I'm a programmer and all around nice guy, I hold doors for folks. I'll walk
out of my way to go open the door for you if your hands are full everytime.
And just last night a drunk driver ran into a parked car outside, it wasn't
one of mine but I went out and took photos of everything for whoevers car it
was (including of the perps license plate that fell on the ground). I gave a
statement to the police about it today. I always take time out of my day to
help a random person. The poor girl whose car it was hugged and hugged me, she
said "people don't do that". I just shrugged. I grew up working on a farm,
fairly Earth-salty midwest guy. I'm not a self proclaimed tough guy, I'm
actually pretty soft but probably hard by today's standards. My brother is far
more rough and tumble than I am.

I do have a lot of stories, but I've done just what you describe. I had a TV
stolen when I was in college, I generally knew who did it. I got my band of
merry men together, knocked on the door and when they let us in, we blasted in
turning it upside down searching the apartment for the TV. One of the
occupants pulled a gun out on us, we took it from his hands and beat him to
the ground with it. Then we tossed it outside into the snow and continued to
pound on the guys.

The TV didn't end up being there, but they knew who took it. They were at
their house the night it disappeared. They called who stole it and allegedly
said, "I think these guys mean business". That was correct. We were going to
hunt them down like animals at their next bonfire/party they had planned and
it was going to be very bad for them. And we weren't going to stop there.

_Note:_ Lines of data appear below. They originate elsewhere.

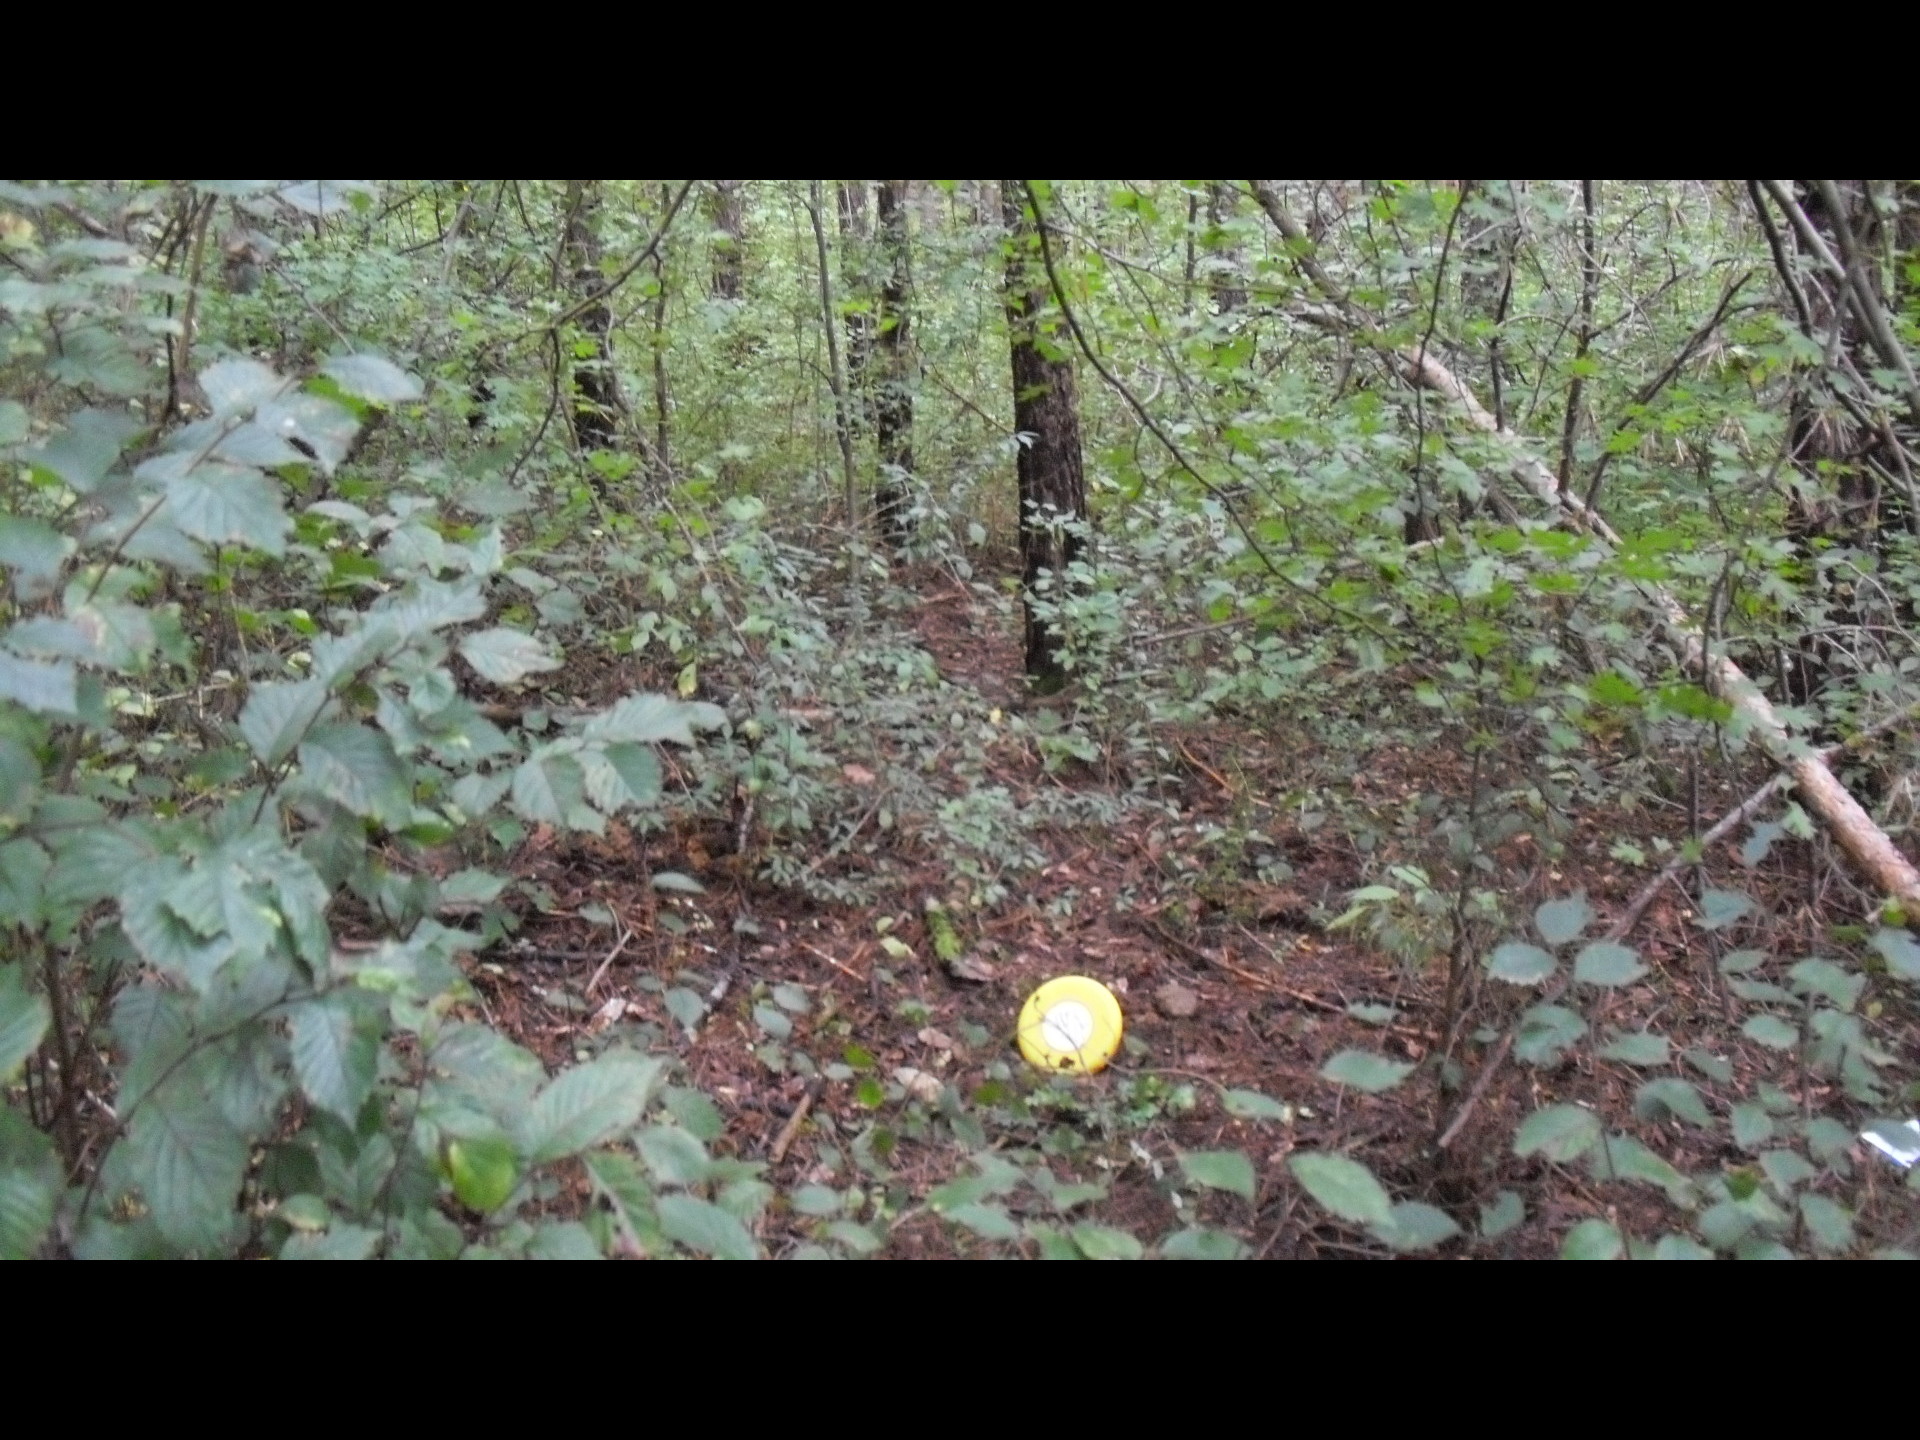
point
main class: Woodland
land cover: Pine dominated mixed woodland
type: hemiboreal forest and nemoral coniferous forest and mixed broadleaved-coniferous forest
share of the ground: > 75 %
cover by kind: coniferous forest trees 75 %, broadleaved forest trees 25 %
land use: Forestry
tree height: > 5 m
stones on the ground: 10 - 25 %
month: September
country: BG
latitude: 43.3337
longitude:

Needless to say, I had a brand new TV in the box on my doorstep at 9:30PM that
night! Problem solved and I shook on it with one of the guys who stole it.
They were drunk and broke in to steal it, I just wanted my TV back.

I've protected many men who have done me harm, financially and physically from
being harmed by calling off my goons who wanted to come after people in
different situations. They simply hadn't earned what was coming their way so I
prevented it.

All that said, this guy if he had done this little racket to my family he
would be in very serious trouble. I normally do absolutely zero questionable
behavior, I'm absolutely by the book day to day. At work, I'm a non-toxic
angel who would never step on anyones toes. I keep my head down, work a hard,
honest 8 hours and mind my own business. I'm not even a condescending smartass
or funny-guy little punk like most people try to be. I'm live and let live.

But I would haunt this man for the rest of his days. Likely me, my brother and
many others who are big, strong midwest giants who are not nice. I've been
screwed over in life in many situations, I do not retaliate like this ever or
normally.

But stuff like this story is beyond the pale. You're right, people like this
need to be handled correctly. This eastern European is one of the people who
are not to be dealt with in court. He'd realize we do not live in "new age"
where you can say and do what you want to. Something can happen to you. Worse
than any stupid Anonymous online hack or geek vengeance. He's laughing at us
here in the USA, but I assure you it's not safe for people like him.

This Ukrainian guy simply got very lucky with picking the right victims. If my
brother called me in on a situation like this, this Euro trash would be
haunted physically, mentally, and materially for the rest of his life.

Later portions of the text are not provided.